3 Результаты и анализ
3.1 Исследование факторов, влияющих на эффективность удаления пирогенов
Рабочее давление ультрафильтрации: непрерывно обрабатывали 15 тестовых партий. В каждой партии давление фильтрации поддерживали на уровне 5, 10, 15 и 2{{10}}psi во время ультрафильтрации, а жидкость для сбора вируса концентрировали 30 раз и элюировали буферной жидкостью. (в 10 раз больше объема) в непрерывном потоке. Результаты показаны в таблице ниже: скорость удаления эндотоксина составила менее 87,0%, скорость восстановления антигена была стабильной на уровне 86,0%, а скорость удаления белка-хозяина была стабильной на уровне 90,0%, что указывает на что различное рабочее давление мало влияло на эффект восстановления антигена, удаления эндотоксина и удаления белка-хозяина.
Коэффициент концентрации ультрафильтрации: непрерывно проводили 15 тестовых партий. В каждой партии жидкость для сбора вируса концентрировали 30 раза, 50 раз, 80 раз и 100 раз соответственно во время ультрафильтрации. Давление фильтрации поддерживали на уровне 20 фунтов на квадратный дюйм, и буферную жидкость (10-кратный объем) элюировали непрерывным потоком. Результаты показаны в следующей таблице: скорость удаления эндотоксина колебалась от 53,3% до 86,9%, скорость восстановления антигена оставалась стабильной на уровне 86,0%, а скорость удаления белка-хозяина был стабильным на уровне 91,0%. При сегментированном отборе проб антиген не был обнаружен в растворе для передачи, а в концентрированном растворе вируса оставалось менее 10% белка хозяина. Концентрация эндотоксина в концентрированном растворе вируса увеличивалась с увеличением времени концентрации, а скорость удаления эндотоксина была самой высокой в концентрированном образце в 80 раз, и производитель также мог учитывать концентрацию в 100 раз, что не только повысила эффективность производства и снизила стоимость, но также удовлетворила требования производства вакцин.

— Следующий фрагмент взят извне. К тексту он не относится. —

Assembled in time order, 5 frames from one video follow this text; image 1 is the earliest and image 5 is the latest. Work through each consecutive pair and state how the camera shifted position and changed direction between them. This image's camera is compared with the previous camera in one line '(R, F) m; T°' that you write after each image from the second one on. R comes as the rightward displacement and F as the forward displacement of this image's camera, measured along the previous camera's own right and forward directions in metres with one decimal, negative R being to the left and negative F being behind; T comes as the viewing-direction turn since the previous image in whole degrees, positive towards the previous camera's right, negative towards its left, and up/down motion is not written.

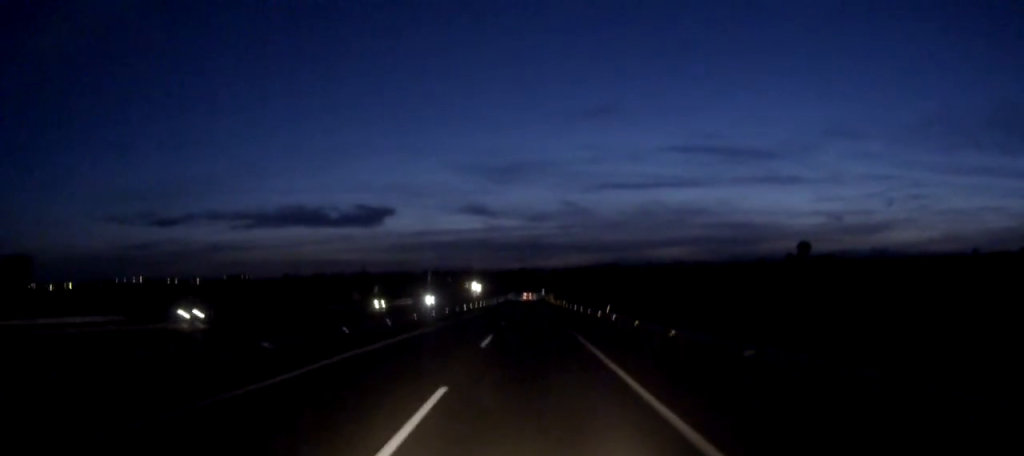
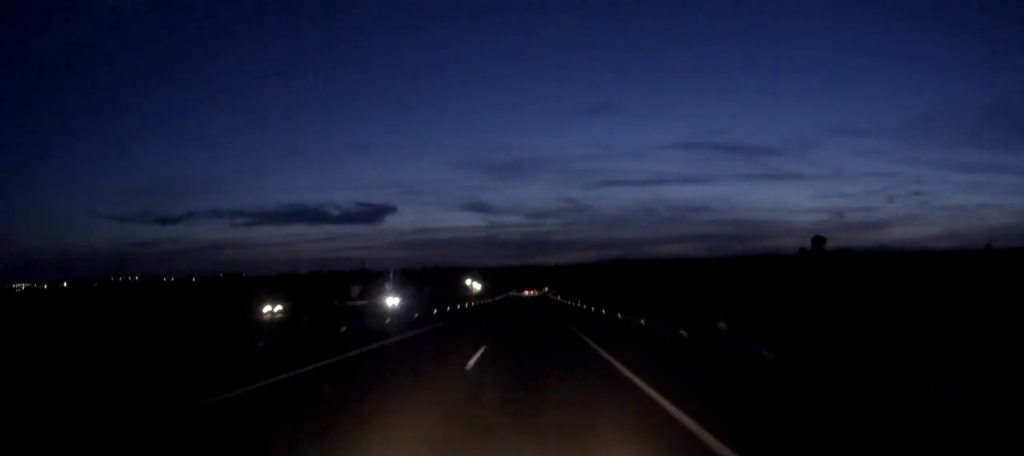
(0.0, +24.8) m; 0°
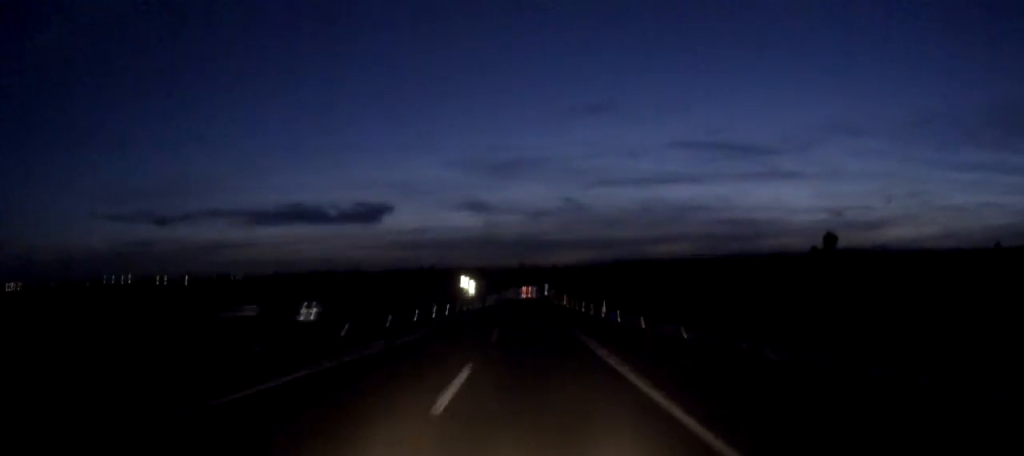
(0.0, +23.9) m; 0°
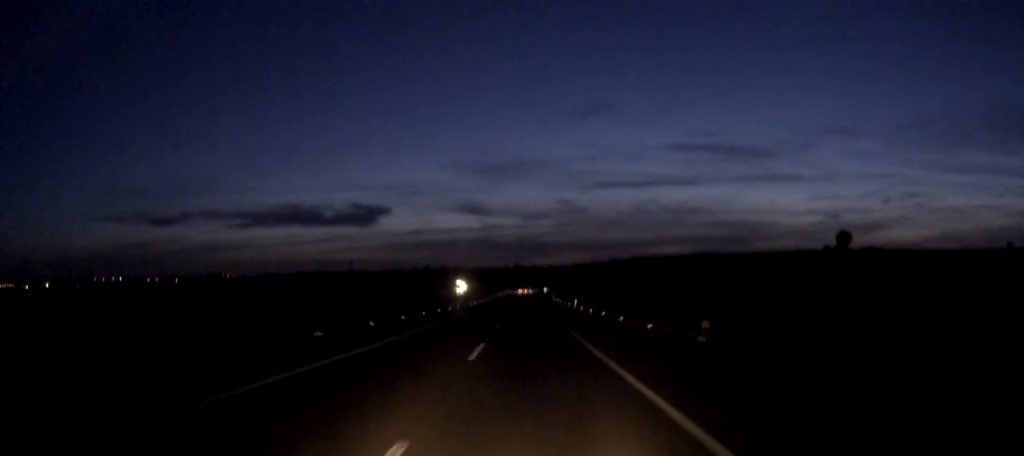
(0.0, +26.7) m; 0°
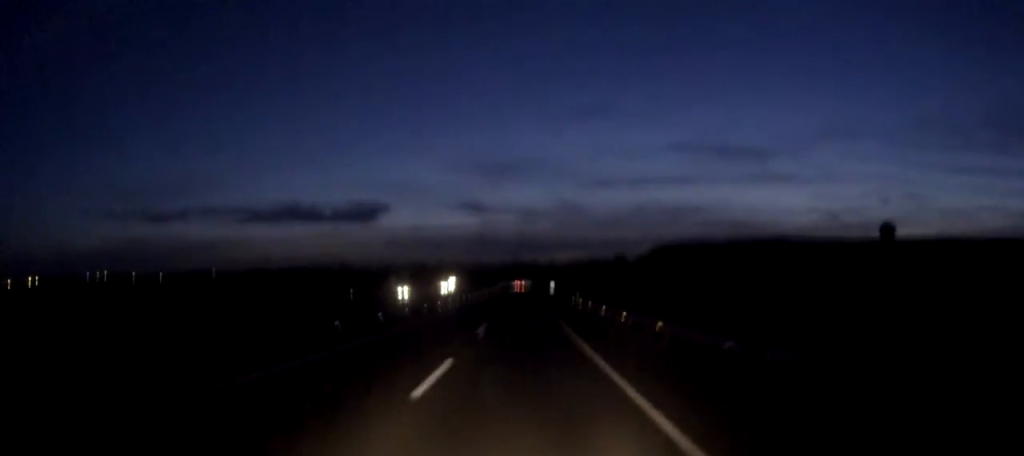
(0.0, +59.8) m; 0°

3.2 Истощение потока мембранной кассеты и очистка регенерации
После обработки степень восстановления мембранного потока составила 92,6%. Первая скорость восстановления новой мембранной кассеты является нормальной, в соответствии с текущими свойствами наблюдения за исходной жидкостью, последующим прогнозированием второго и NTH раз, скорость восстановления потока мембранной кассеты будет близка к данным после этой обработки, и имеют тенденцию быть стабильными. В течение 2 часов однократного использования истощение мембранной кассеты было идеальным, и только 10% мембранного потока было израсходовано в ходе общей эксплуатации.

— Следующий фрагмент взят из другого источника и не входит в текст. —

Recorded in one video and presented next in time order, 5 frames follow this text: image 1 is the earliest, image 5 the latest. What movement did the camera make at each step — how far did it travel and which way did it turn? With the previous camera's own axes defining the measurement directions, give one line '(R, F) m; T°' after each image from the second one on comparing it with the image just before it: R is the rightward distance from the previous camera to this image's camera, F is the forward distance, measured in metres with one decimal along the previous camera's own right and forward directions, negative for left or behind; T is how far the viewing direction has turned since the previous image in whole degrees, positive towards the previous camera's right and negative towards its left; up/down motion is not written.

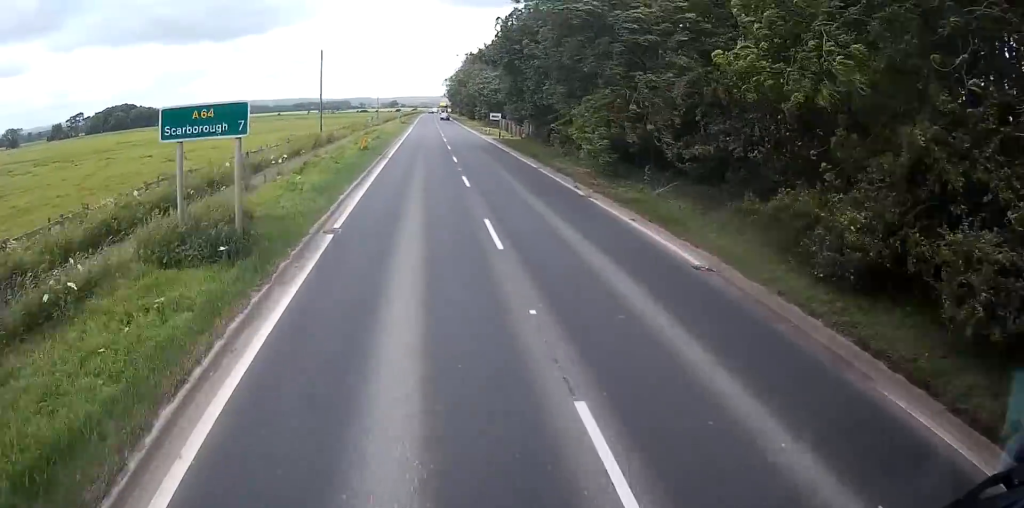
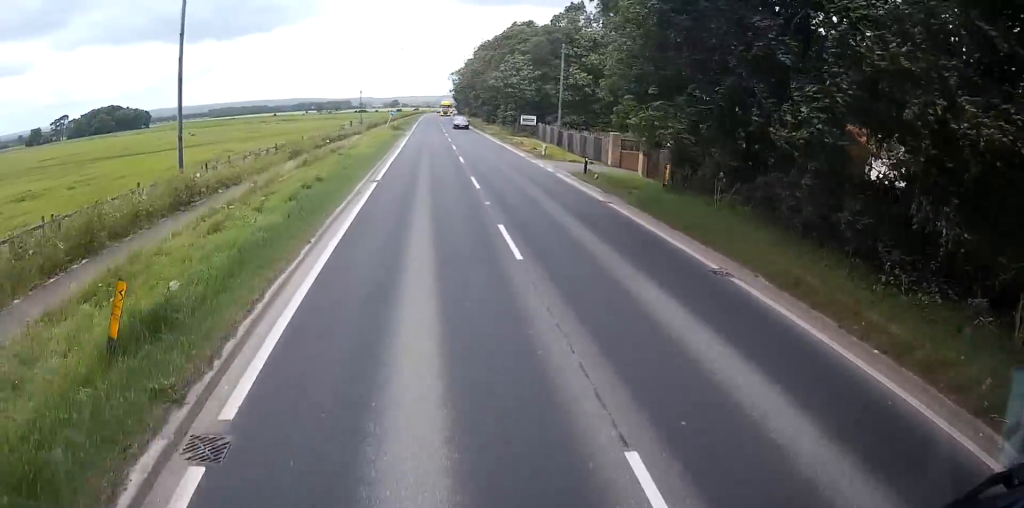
(0.0, +28.0) m; 0°
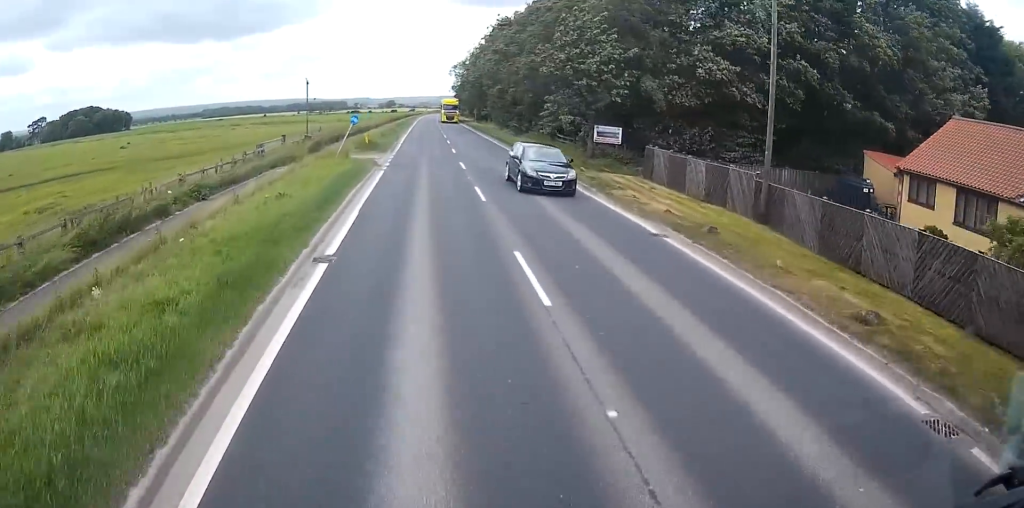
(+0.1, +28.7) m; 0°
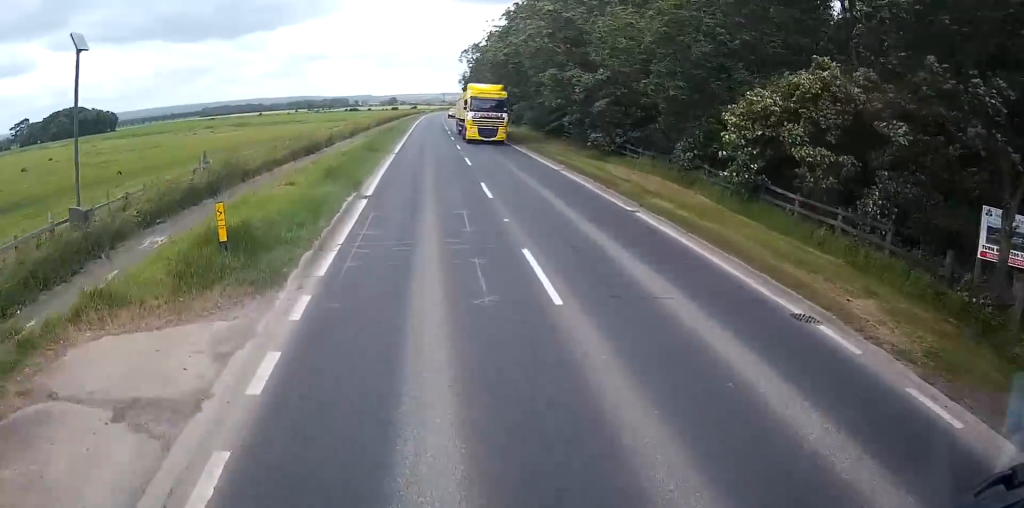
(0.0, +26.4) m; 0°
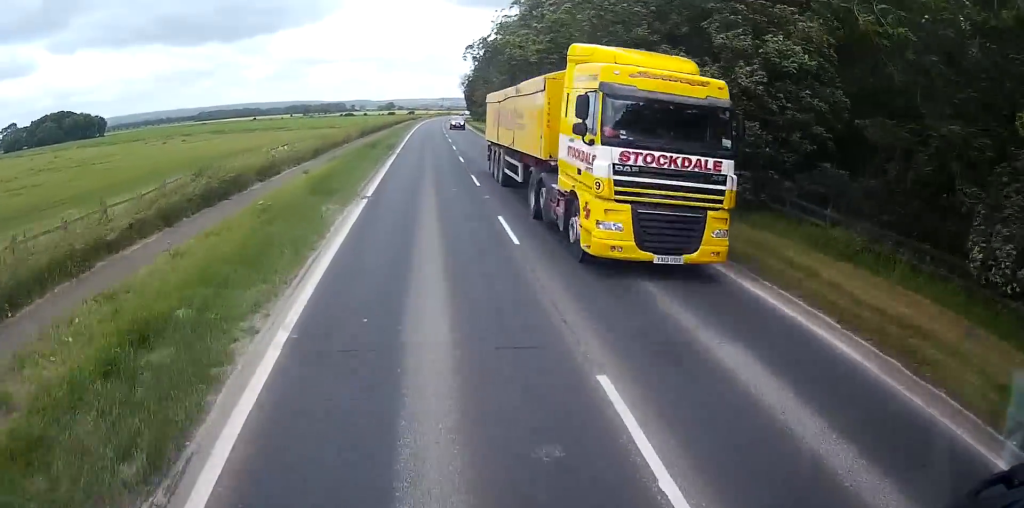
(0.0, +13.7) m; 0°

3.2.1 Истощение флюса в процессе обработки мембранной кассеты
3.2.2 Результат очистки и регенерации мембранной кассеты
О гидлинге
Guidling Technology — национальное высокотехнологичное предприятие, специализирующееся на биофармацевтических препаратах, культурах клеток, очистке и концентрации биомедицинских препаратов, диагностике и промышленных жидкостях. Мы успешно разработали центробежные фильтрующие устройства, кассеты для ультрафильтрации и микрофильтрации, вирусный фильтр, систему TFF, глубинный фильтр, полое волокно и т. д., которые полностью соответствуют сценариям применения биофармацевтических препаратов, клеточных культур и т. д. Наши мембраны и мембранные фильтры широко используются в процессах концентрации, экстракции и разделения предварительной фильтрации, микрофильтрации, ультрафильтрации и нанофильтрации. Наши многочисленные линейки продуктов, от небольших одноразовых лабораторных фильтров до производственных систем фильтрации, тестирования на стерильность, ферментации, клеточных культур и многого другого, отвечают потребностям тестирования и производства. Guidling Technology надеется на сотрудничество с вами!